Positive Retraction

A conduction-cooled embedded computing module utilizing traditional wedgelocks can become jammed inside the deployed environment. Once a mechanical malfunction occurs, the module cannot be easily extracted from the system, and could jeopardize or completely incapacitate critical embedded systems during mission sets for the end-user.

Several years of real world feedback from customers has led WaveTherm to highlight this fundamental design implication and the impact it could have on customers’ ability to deploy reliable embedded systems. Our intent is to help OEM module suppliers and system integrators identify this key risk to their systems during the early stages of development, so that the risks can be properly factored into the board-level design decisions before those decisions hinder the reliability of the deployed system.

There are two main ways that traditional drive wedgelocks can become inoperable:

Disengaging a wedgelock can lead to the front segment falling from the rest of the assembly. See the animation below:

Engaging a wedgelock can cause the segments to become misaligned. See the animation below:

Many individuals have had the experience of being unable to release a circuit board module when wedge segments on traditional-drive mechanism wedgelocks have jammed in the raised position.
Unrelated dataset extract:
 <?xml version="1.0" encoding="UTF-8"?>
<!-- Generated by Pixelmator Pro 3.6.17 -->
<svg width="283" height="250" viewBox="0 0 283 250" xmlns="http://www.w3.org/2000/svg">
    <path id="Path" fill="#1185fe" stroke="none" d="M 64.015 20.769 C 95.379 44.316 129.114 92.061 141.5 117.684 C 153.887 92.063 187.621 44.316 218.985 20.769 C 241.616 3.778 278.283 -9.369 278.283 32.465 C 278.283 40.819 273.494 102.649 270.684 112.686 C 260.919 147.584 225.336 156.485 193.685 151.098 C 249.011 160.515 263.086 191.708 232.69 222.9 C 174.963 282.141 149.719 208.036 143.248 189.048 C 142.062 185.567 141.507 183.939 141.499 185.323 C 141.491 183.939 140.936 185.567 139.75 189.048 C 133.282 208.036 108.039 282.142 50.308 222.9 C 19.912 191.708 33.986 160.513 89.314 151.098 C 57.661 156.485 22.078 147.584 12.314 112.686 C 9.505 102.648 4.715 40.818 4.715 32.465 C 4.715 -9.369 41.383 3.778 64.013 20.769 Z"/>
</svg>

Often, the only solution is to disassemble the host chassis with the potential of having to destroy the chassis by drilling through the side to gain access to the seized wedge segment(s).
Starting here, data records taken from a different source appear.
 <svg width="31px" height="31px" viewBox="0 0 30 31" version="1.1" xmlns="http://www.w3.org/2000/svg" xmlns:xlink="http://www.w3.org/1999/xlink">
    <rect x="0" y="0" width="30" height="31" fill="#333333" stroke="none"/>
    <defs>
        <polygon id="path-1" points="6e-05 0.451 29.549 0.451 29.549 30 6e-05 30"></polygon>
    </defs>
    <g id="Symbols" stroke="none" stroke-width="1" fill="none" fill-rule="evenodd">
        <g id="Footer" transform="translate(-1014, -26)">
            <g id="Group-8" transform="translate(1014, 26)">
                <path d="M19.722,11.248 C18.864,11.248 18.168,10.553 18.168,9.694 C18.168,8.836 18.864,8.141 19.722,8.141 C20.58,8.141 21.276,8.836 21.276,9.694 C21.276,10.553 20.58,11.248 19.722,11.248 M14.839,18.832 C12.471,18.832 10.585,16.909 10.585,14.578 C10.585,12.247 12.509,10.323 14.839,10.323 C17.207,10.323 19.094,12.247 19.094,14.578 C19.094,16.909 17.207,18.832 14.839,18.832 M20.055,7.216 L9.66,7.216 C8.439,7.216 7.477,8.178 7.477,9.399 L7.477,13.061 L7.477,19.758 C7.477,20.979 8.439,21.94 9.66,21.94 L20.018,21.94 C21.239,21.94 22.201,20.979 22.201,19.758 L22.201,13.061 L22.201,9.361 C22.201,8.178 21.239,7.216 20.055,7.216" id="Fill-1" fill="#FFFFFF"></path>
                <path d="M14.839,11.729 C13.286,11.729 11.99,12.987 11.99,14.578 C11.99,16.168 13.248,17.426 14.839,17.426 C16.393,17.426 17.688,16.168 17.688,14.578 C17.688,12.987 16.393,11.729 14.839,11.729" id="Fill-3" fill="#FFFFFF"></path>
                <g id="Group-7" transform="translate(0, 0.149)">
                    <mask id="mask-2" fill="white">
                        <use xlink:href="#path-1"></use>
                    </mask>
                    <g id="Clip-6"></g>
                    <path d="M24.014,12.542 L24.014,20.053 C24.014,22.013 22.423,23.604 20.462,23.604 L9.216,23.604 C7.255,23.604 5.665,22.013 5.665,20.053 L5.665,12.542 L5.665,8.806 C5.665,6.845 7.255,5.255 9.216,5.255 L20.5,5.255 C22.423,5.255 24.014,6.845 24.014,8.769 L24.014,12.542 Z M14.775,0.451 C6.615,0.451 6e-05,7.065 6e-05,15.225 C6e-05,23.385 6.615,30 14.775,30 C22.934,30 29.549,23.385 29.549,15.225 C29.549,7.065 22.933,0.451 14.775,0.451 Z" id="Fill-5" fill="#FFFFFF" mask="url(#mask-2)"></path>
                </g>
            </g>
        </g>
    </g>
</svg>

The best solution is, of course, prevention.

The use of a wedgelock with positive retraction will prevent the disaster that is caused by stuck wedge segments. The SolidWedge™ design, where each wedge segment is connected to adjacent wedge segments, inherently provides positive retraction.
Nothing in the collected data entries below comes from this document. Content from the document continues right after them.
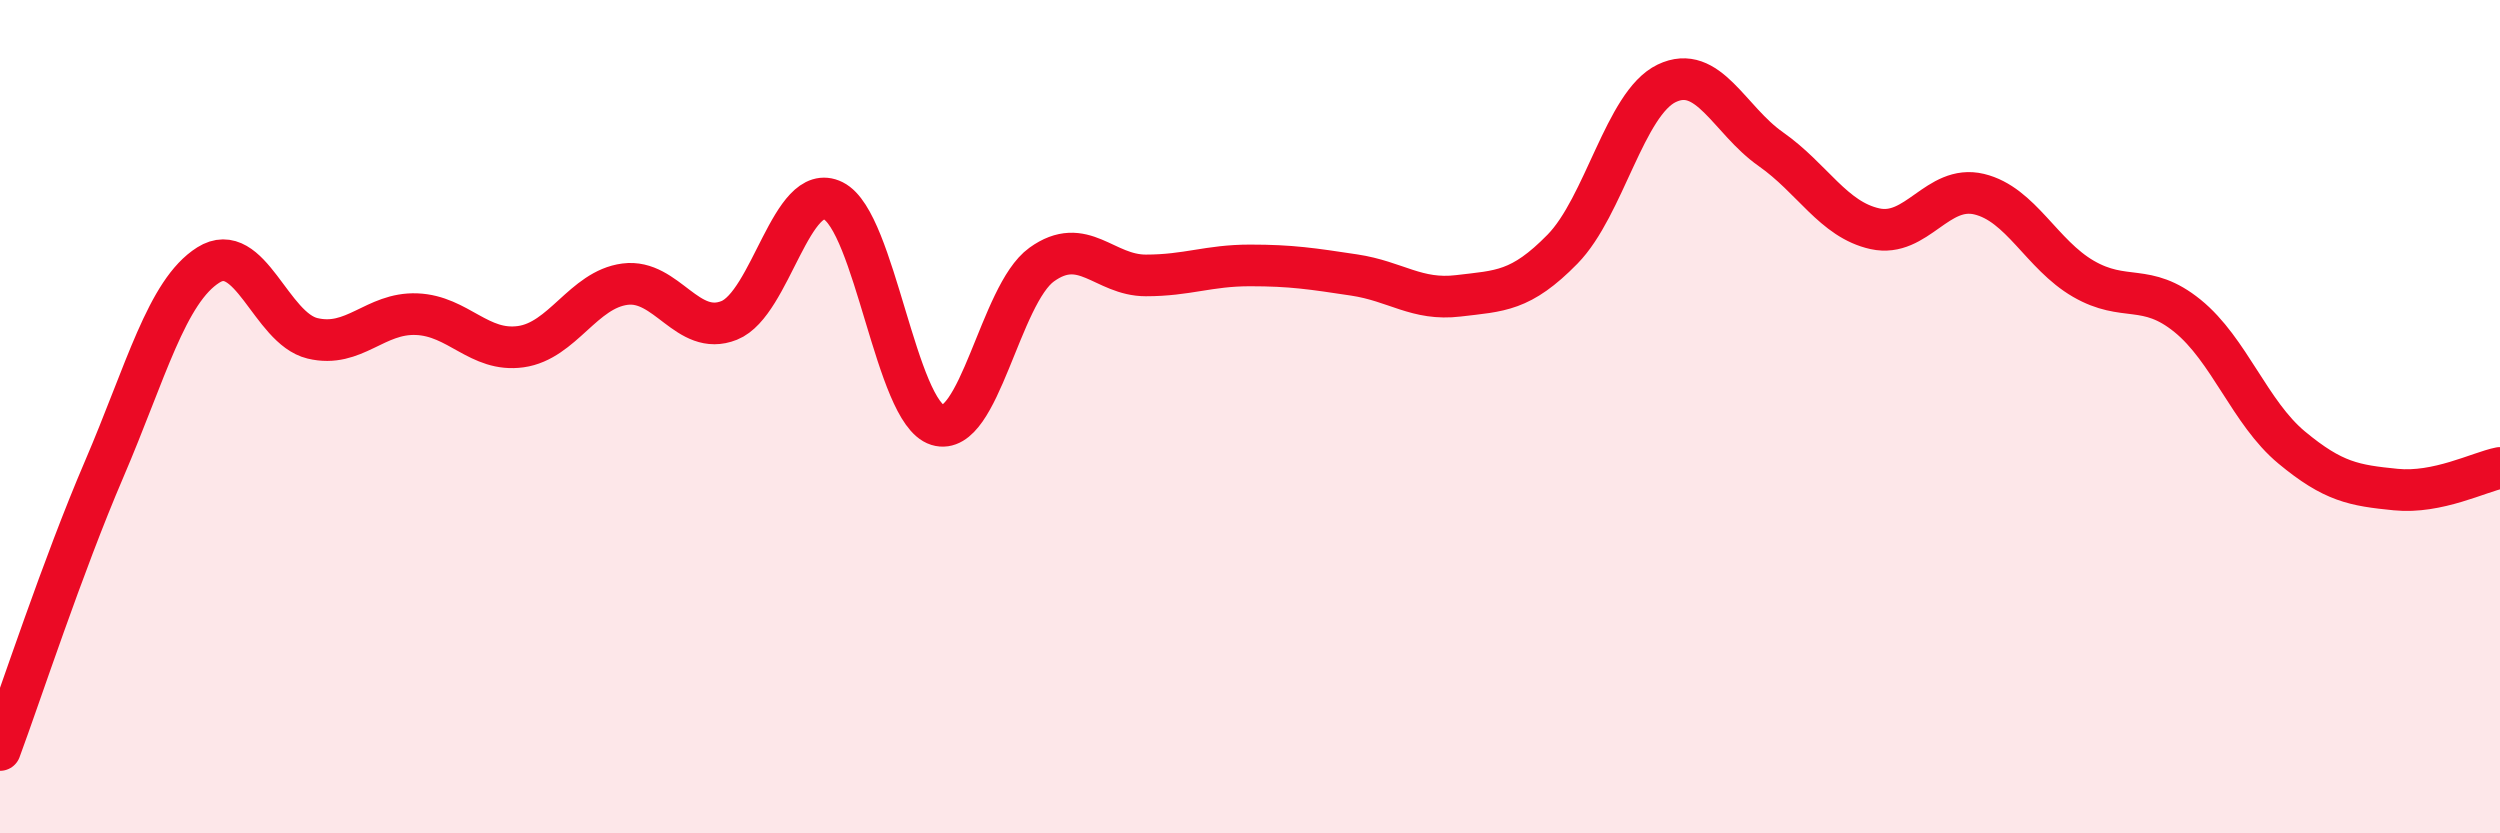 
    <svg width="60" height="20" viewBox="0 0 60 20" xmlns="http://www.w3.org/2000/svg">
      <path
        d="M 0,18 C 0.5,16.65 1.5,13.59 2.5,11.26 C 3.5,8.93 4,6.99 5,6.36 C 6,5.73 6.5,7.88 7.5,8.12 C 8.5,8.36 9,7.5 10,7.54 C 11,7.58 11.5,8.46 12.5,8.32 C 13.5,8.18 14,6.95 15,6.82 C 16,6.69 16.5,8.09 17.5,7.69 C 18.5,7.29 19,4.32 20,4.82 C 21,5.32 21.5,9.89 22.5,10.2 C 23.5,10.51 24,7.07 25,6.35 C 26,5.63 26.5,6.61 27.5,6.61 C 28.5,6.61 29,6.37 30,6.37 C 31,6.37 31.5,6.45 32.5,6.6 C 33.5,6.75 34,7.22 35,7.1 C 36,6.98 36.5,7 37.5,5.98 C 38.5,4.96 39,2.48 40,2 C 41,1.52 41.5,2.88 42.5,3.58 C 43.5,4.28 44,5.27 45,5.49 C 46,5.71 46.5,4.42 47.5,4.66 C 48.5,4.9 49,6.11 50,6.69 C 51,7.27 51.5,6.77 52.5,7.58 C 53.5,8.39 54,9.91 55,10.74 C 56,11.57 56.5,11.65 57.5,11.75 C 58.5,11.85 59.5,11.33 60,11.23L60 20L0 20Z"
        fill="#EB0A25"
        opacity="0.1"
        stroke-linecap="round"
        stroke-linejoin="round"
      />
      <path
        d="M 0,18 C 0.5,16.65 1.5,13.59 2.5,11.26 C 3.5,8.93 4,6.99 5,6.36 C 6,5.73 6.5,7.88 7.5,8.12 C 8.5,8.36 9,7.5 10,7.54 C 11,7.58 11.5,8.46 12.5,8.32 C 13.5,8.18 14,6.95 15,6.82 C 16,6.69 16.5,8.09 17.5,7.69 C 18.5,7.29 19,4.32 20,4.82 C 21,5.32 21.5,9.89 22.5,10.2 C 23.5,10.51 24,7.07 25,6.35 C 26,5.63 26.5,6.61 27.5,6.61 C 28.5,6.61 29,6.37 30,6.37 C 31,6.37 31.5,6.45 32.5,6.6 C 33.5,6.75 34,7.22 35,7.1 C 36,6.98 36.5,7 37.5,5.98 C 38.5,4.96 39,2.48 40,2 C 41,1.52 41.5,2.88 42.5,3.58 C 43.5,4.28 44,5.27 45,5.49 C 46,5.71 46.5,4.42 47.5,4.66 C 48.5,4.9 49,6.11 50,6.69 C 51,7.27 51.5,6.77 52.5,7.58 C 53.5,8.39 54,9.91 55,10.74 C 56,11.57 56.5,11.65 57.5,11.75 C 58.5,11.85 59.5,11.33 60,11.23"
        stroke="#EB0A25"
        stroke-width="1"
        fill="none"
        stroke-linecap="round"
        stroke-linejoin="round"
      />
    </svg>

When the drive screw is turned counterclockwise, the threaded drive wedge is retracted which in turn pulls each of the connected segments down to its released position.

Other designs have attempted to assist in the retraction of each wedge segment, but the frictional forces involved that hold a wedge segment after it has been inserted using hundreds of pounds of force can not be expected to be retracted by spring tension.

In today’s critical applications, where easy access to embedded computing modules and rapid field replacements are crucial to successful system operations, it makes sense to eliminate the threat of stuck wedge segments and the resulting non-extractable circuit boards.